++++ Material for the task ++++
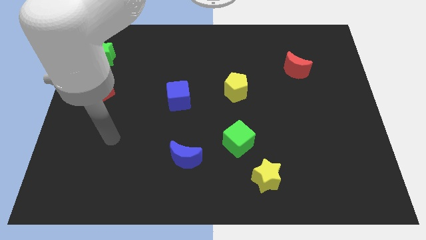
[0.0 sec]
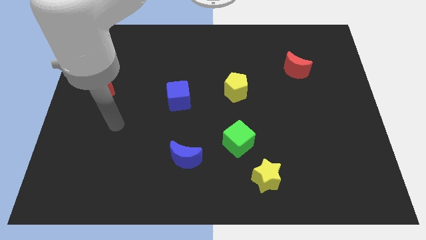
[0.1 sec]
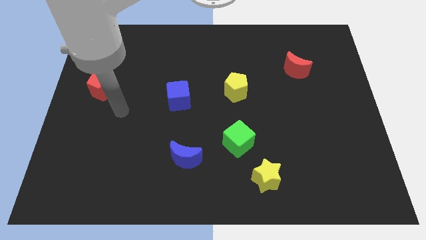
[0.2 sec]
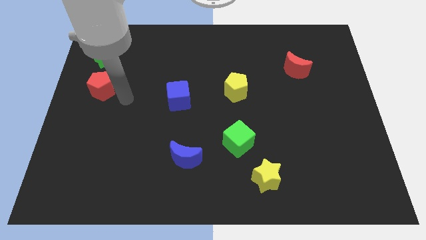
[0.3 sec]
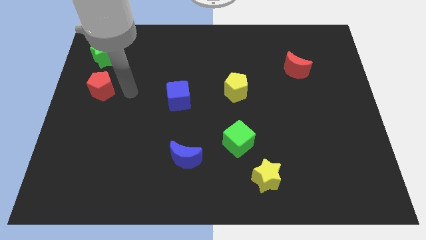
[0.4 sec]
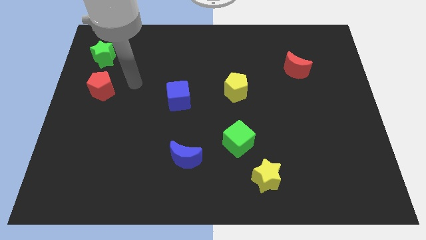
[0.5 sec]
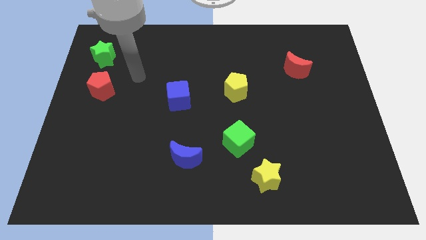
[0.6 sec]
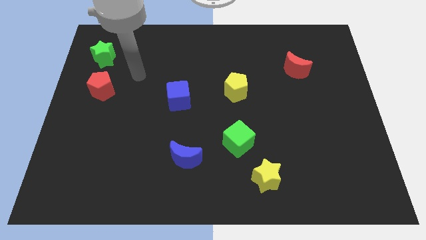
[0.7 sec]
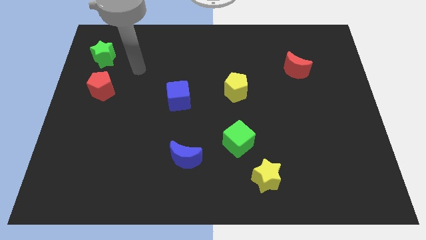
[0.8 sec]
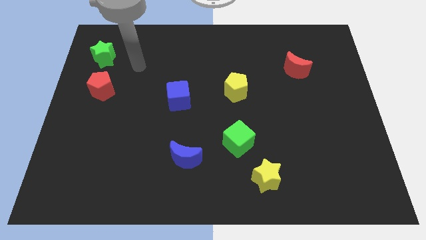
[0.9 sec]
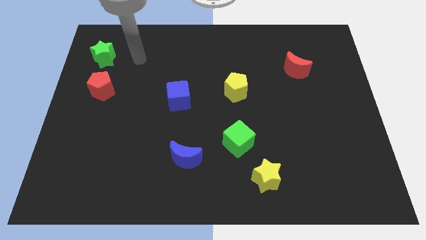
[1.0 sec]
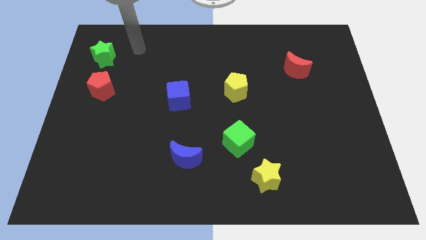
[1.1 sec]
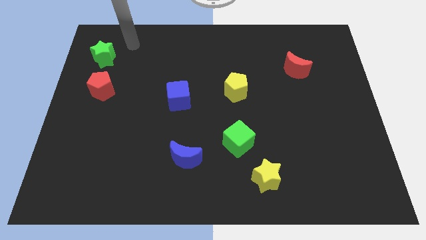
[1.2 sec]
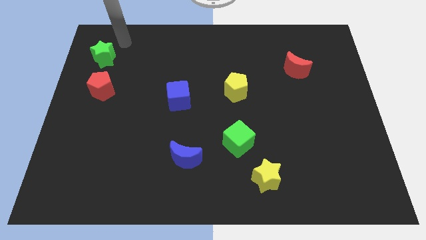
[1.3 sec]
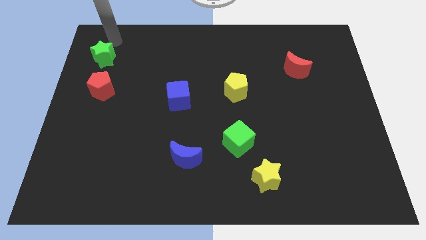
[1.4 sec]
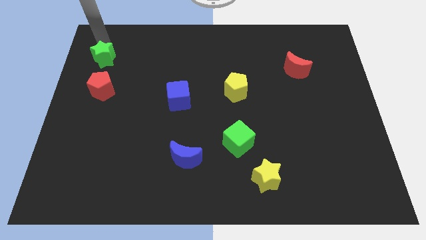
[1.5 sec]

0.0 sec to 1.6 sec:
move your arm to the top of green star
++++
* _Task description_:
Print every entry above again, exactly as written. Leave the images out.

* _Response_:
[0.0 sec]
[0.1 sec]
[0.2 sec]
[0.3 sec]
[0.4 sec]
[0.5 sec]
[0.6 sec]
[0.7 sec]
[0.8 sec]
[0.9 sec]
[1.0 sec]
[1.1 sec]
[1.2 sec]
[1.3 sec]
[1.4 sec]
[1.5 sec]

0.0 sec to 1.6 sec:
move your arm to the top of green star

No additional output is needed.